Overview
Myocarditis is the acute or chronic inflammation of the myocardium. Continued inflammation and destruction of the myocardium can lead to dilated cardiomyopathy. It is a diagnosis that should be considered in younger patients with chest pain.
Epidemiology
- Seen more in younger people (<50) but can affect all age groups
- Incidence is slightly higher in men
Causes
- Viral infection
- The most common cause – coxsackievirus, adenovirus, parvovirus B19, enteroviruses, HIV, Epstein-Barr Virus, hepatitis A, and hepatitis C
- Bacterial infection:
- Diphtheria, syphilis, tuberculosis, Lyme disease, leptospirosis
- Fungal infection
- Candida species, Aspergillus
- Protozoal infection
- Chagas’ disease, toxoplasmosis, malaria
- Autoimmune causes:
- Drugs:
- Ethanol, doxorubicin, lithium, cocaine, cyclophosphamide
Presentation
The presentation can vary from asymptomatic with ECG changes to fulminant heart failure, arrhythmias, and cardiac arrest. Common presentations are:
- There is often a history of a viral infection 2-3 weeks prior
- Chest pain
- Dyspnoea
- Orthopnoea
- Syncope
- Fatigue
- Palpitations
- May have soft S1
- May have S3 or S4 gallop
Differential Diagnoses
Pericarditis
- Both present very similarly and it can be difficult to tell them apart
- Symptoms of heart failure suggest myocarditis
- Echocardiography shows left ventricular (LV) dysfunction in myocarditis but not pericarditis
Takotsubo cardiomyopathy
- Both present very similarly and it can be difficult to tell them apart
- There may be a history of an acute emotional or physical stressor within the 2 weeks prior
Acute coronary syndrome
- Patients tend to be older
- Patients tend to have risk factors for atherosclerotic disease
Investigations
All patients
- 12-lead ECG:
- May show non-specific ST and T-wave changes such as ST elevation and ST depression
- Chest x-ray:
- Ordered in any patient with shortness of breath
- May show pulmonary infiltrates if myocardial-induced heart failure develops
- Cardiac troponins:
- May be elevated
- To screen for myocardial infarction
- NT-proBNP:
- May be elevated if myocarditis-induced heart failure develops
- Echocardiogram:
- Shows global and regional LV motion abnormalities and dilation
Management
All patients
Management involves treating the underlying cause and is supportive if patients have no signs of LV dysfunction. Corticosteroids may be used if there is an underlying autoimmune aetiology.

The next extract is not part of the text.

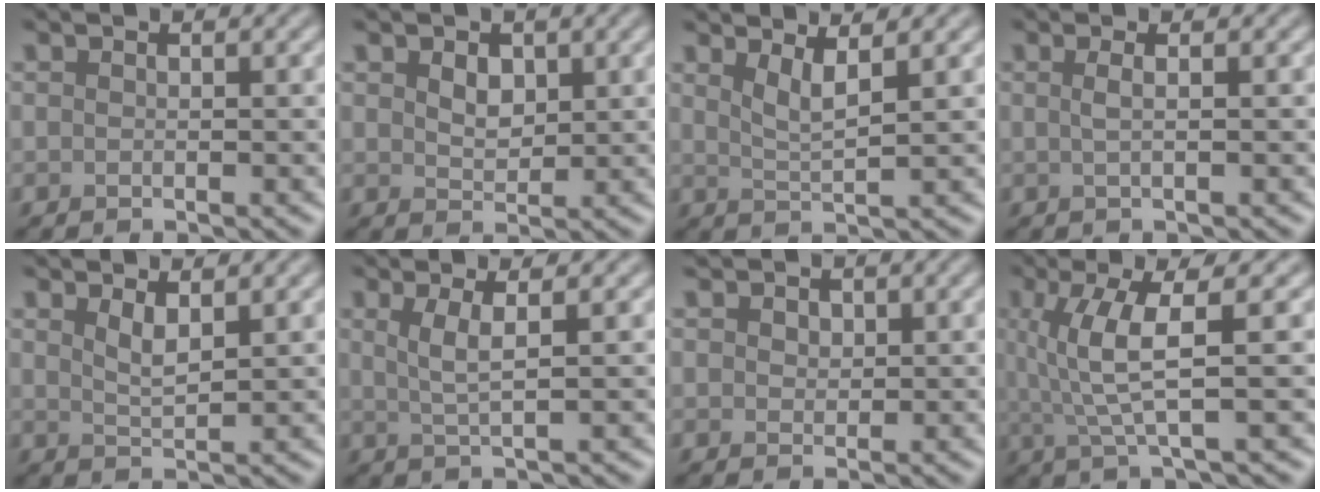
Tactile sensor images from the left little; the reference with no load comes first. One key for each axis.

If LV dysfunction develops, patients are given heart failure treatment.
Complications
- Arrhythmia e.g. atrial fibrillation or ventricular tachyarrhythmia
- Dilated cardiomyopathy
- Patients should be treated with standard heart failure therapies and referred to a heart failure specialist
- Sudden cardiac death
Prognosis
- The prognosis depends on the patient’s presentation, the LV ejection fraction, and pulmonary artery pressure.